Maybe #909 is also affected by this bug?

Yeah I've just tried to spin up some new replicationgroups and they never become ready. Not sure how related it is to this, but I think these issues are mostly happening since the change from aws sdk v1 to v2, which was quite a big change so it seems to make sense.

I've reverted the provider back to 0.19.0 at this point (last known stable version for us).

muvaf commented 3 years ago

Thank you all for debugging here!

It seems like SDK started to use bool instead of *bool for some fields but not for all of them and we accounted for that change by taking address of such fields via awsclients.Bool(bool) *bool, which returns nil for false values. However, the correct thing to do would be as implemented in https://github.com/crossplane/provider-aws/pull/971 because if SDK returns false, it's simply false and that's how it should be treated instead of nil.

@eloo In replication group code, I couldn't see such a change. Maybe automaticFailoverEnabled(af elasticachetypes.AutomaticFailoverStatus) *bool could be a good candidate to check, i.e. return &false instead of nil depending on what it's compared against.

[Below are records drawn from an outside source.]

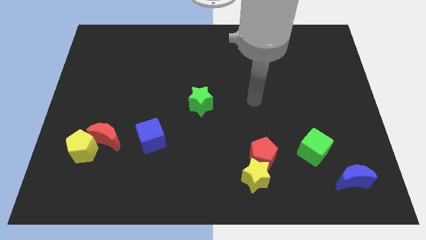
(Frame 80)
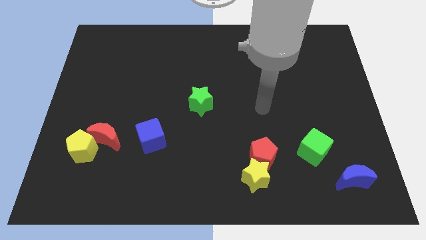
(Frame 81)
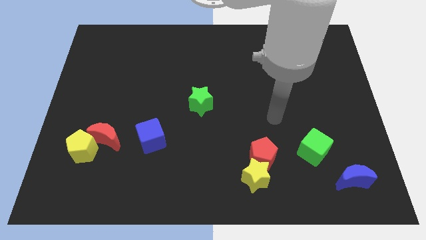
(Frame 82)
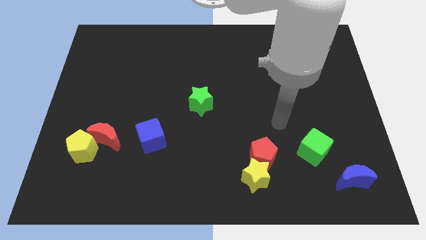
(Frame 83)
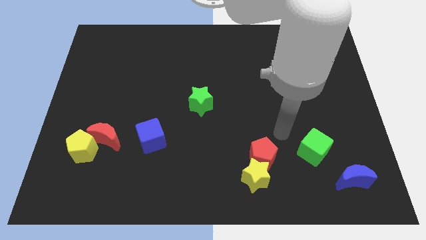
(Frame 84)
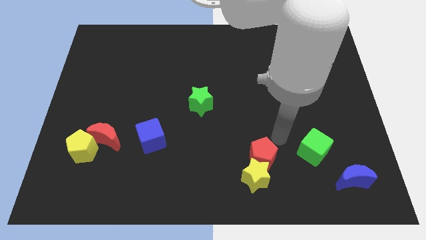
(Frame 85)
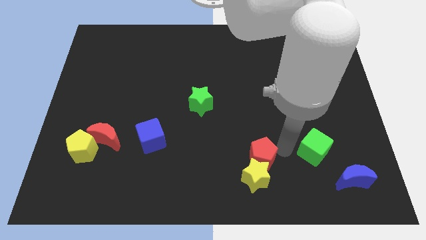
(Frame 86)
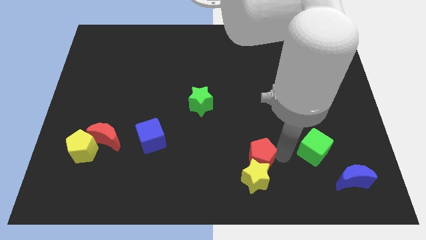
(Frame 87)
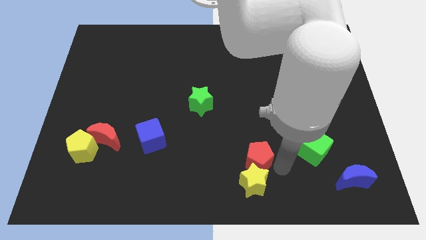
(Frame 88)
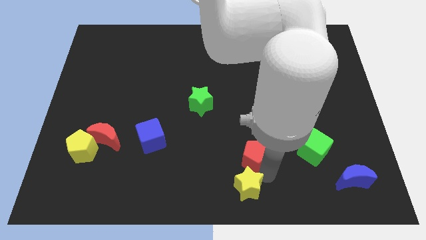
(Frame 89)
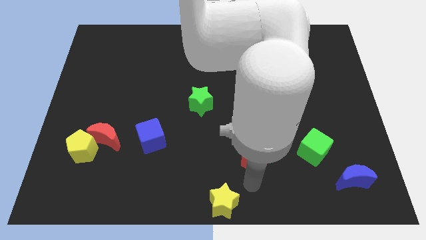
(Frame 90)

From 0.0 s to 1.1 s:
separate the red pentagon from the yellow star

adamkirk commented 3 years ago

Thank you all for debugging here!

It seems like SDK started to use bool instead of *bool for some fields but not for all of them and we accounted for that change by taking address of such fields via awsclients.Bool(bool) *bool, which returns nil for false values. However, the correct thing to do would be as implemented in #971 because if SDK returns false, it's simply false and that's how it should be treated instead of nil.

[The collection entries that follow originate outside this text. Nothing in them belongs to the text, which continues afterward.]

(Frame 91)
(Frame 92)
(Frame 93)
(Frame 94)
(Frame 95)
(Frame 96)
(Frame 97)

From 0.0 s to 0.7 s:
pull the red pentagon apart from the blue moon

This is what I've been thinking, I've tried all sorts of things tonight and it seems every time i fix one scenario it breaks another :')

I did try the fix from that PR earlier during my experiments, and saw the same test failures @chlunde mentioned in this comment. But I do feel like the tests can just be updated to reflect the new 'default' values for these boolean fields; it feels like they should default to (*bool)(false) as that reflects the aws sdk.

I'm not sure what side affects it may have if we change those values from (*bool)(nil) to (*bool)(false), but I'd be happy to try out a fix on our staging server to be fair. I'll try find some time tomorrow to deploy a patch and see if anything blows up :')

eloo commented 3 years ago

@muvaf i'm not still not what the real root cause is but i have teared down the problem to the following points:

further its nearly impossible to debug this without changing the code. so it would be great if every resource could log the reason of an update, like the diff we see in iamrole.